** Provided records follows **

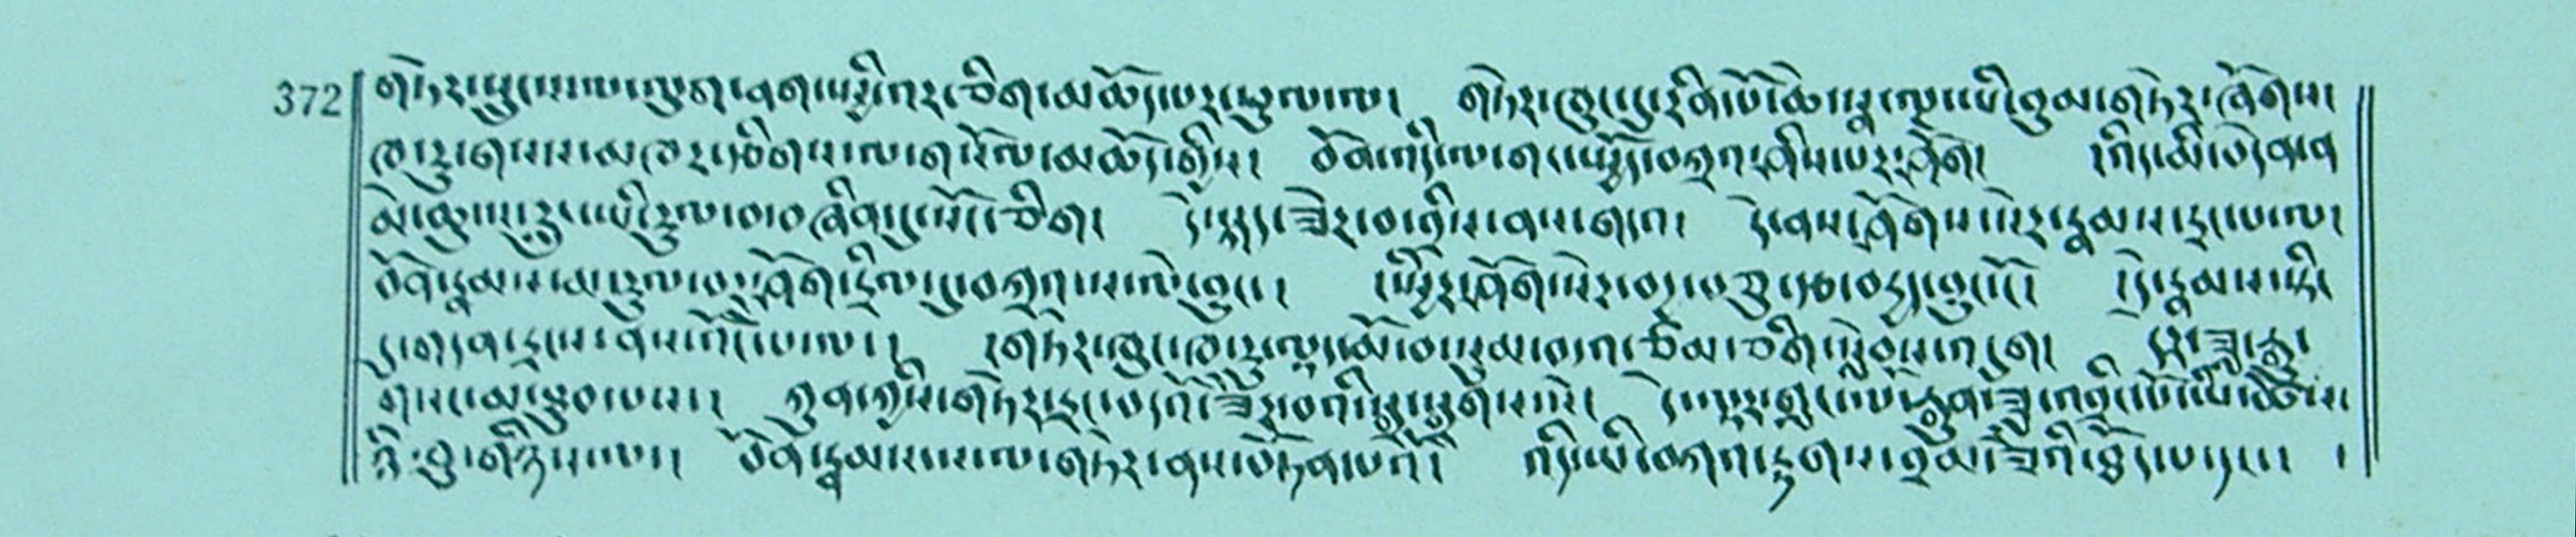གཏེར་བསྲུངས་ལ་ལུག་ནག་སྤྱི་ཀར་ཅིག་མཆོད་པར་ཕུལ་བ་ལ། གཏེར་ཁུང་དུ་རིན་པོ་ཆེ་སྣ་ལྔ་ཡི་བུམ་གཏེར་ཞོགས། 
ཁ་རུ་གསས་མཁར་རྩིགས་ལ་གསོལ་མཆོད་གྱིས། བོན་འདི་ལ་གང་སྤྱོད་བཀྲ་ཤིས་པར་ཤོག འདི་མི་བདེན་ན་
མེ་ཆུ་ས་རླུང་གི་རུལ་བ་བཞིན་དུ་སོང་ཅིག དེ་སྐད་ཟེར་བ་བྲིས་ནས་གདའ། དེ་ནས་ཤོགས་སེར་རྣམས་དྲང་པ་ལ། 
བོན་རྣམས་མ་རུལ་བར་ཤོག་དྲིལ་དུ་བཀྲའ་ས་ལེ་བྱུང་། སྤྱིར་ཤོག་སེར་བརྒྱ་བཅུ་རྩ་བརྒྱད་བྱུང་ངོ་། །དེ་རྣམས་སྟེང་
དུ་གདན་དྲངས་ནས་འོང་བ་ལ། གཏེར་ཁུང་ཁ་རུ་ལྟད་མོ་བ་སུམ་བརྒྱ་ཙམ་ཅིག་སླེབས་འདུག དེར་ཟླ་རྒུ་
གསང་མ་ཐུབ་པས། ཀུན་ཀྱིས་གཏེར་དྲང་གདའོ་ཟེར་བའི་སྒྲ་བསྒྲགས་སོ། །དེ་ལྟར་གླང་ལོ་རྒུན་ཟླ་འབྲིང་པོ་ཡི་ཚེས་
ཉི་ཤུ་གཉིས་ལ། བོན་རྣམས་ས་ལ་གཏེར་ནས་བཏོན་པའོ། །འདིའི་བཀའ་རྟགས་བྲམ་ཟེའི་ཐོད་པ་དང་།

** End of Provided records **

Output the entries above verbatim, leaving out images.

**Answer section:**
གཏེར་བསྲུངས་ལ་ལུག་ནག་སྤྱི་ཀར་ཅིག་མཆོད་པར་ཕུལ་བ་ལ། གཏེར་ཁུང་དུ་རིན་པོ་ཆེ་སྣ་ལྔ་ཡི་བུམ་གཏེར་ཞོགས། 
ཁ་རུ་གསས་མཁར་རྩིགས་ལ་གསོལ་མཆོད་གྱིས། བོན་འདི་ལ་གང་སྤྱོད་བཀྲ་ཤིས་པར་ཤོག འདི་མི་བདེན་ན་
མེ་ཆུ་ས་རླུང་གི་རུལ་བ་བཞིན་དུ་སོང་ཅིག དེ་སྐད་ཟེར་བ་བྲིས་ནས་གདའ། དེ་ནས་ཤོགས་སེར་རྣམས་དྲང་པ་ལ། 
བོན་རྣམས་མ་རུལ་བར་ཤོག་དྲིལ་དུ་བཀྲའ་ས་ལེ་བྱུང་། སྤྱིར་ཤོག་སེར་བརྒྱ་བཅུ་རྩ་བརྒྱད་བྱུང་ངོ་། །དེ་རྣམས་སྟེང་
དུ་གདན་དྲངས་ནས་འོང་བ་ལ། གཏེར་ཁུང་ཁ་རུ་ལྟད་མོ་བ་སུམ་བརྒྱ་ཙམ་ཅིག་སླེབས་འདུག དེར་ཟླ་རྒུ་
གསང་མ་ཐུབ་པས། ཀུན་ཀྱིས་གཏེར་དྲང་གདའོ་ཟེར་བའི་སྒྲ་བསྒྲགས་སོ། །དེ་ལྟར་གླང་ལོ་རྒུན་ཟླ་འབྲིང་པོ་ཡི་ཚེས་
ཉི་ཤུ་གཉིས་ལ། བོན་རྣམས་ས་ལ་གཏེར་ནས་བཏོན་པའོ། །འདིའི་བཀའ་རྟགས་བྲམ་ཟེའི་ཐོད་པ་དང་།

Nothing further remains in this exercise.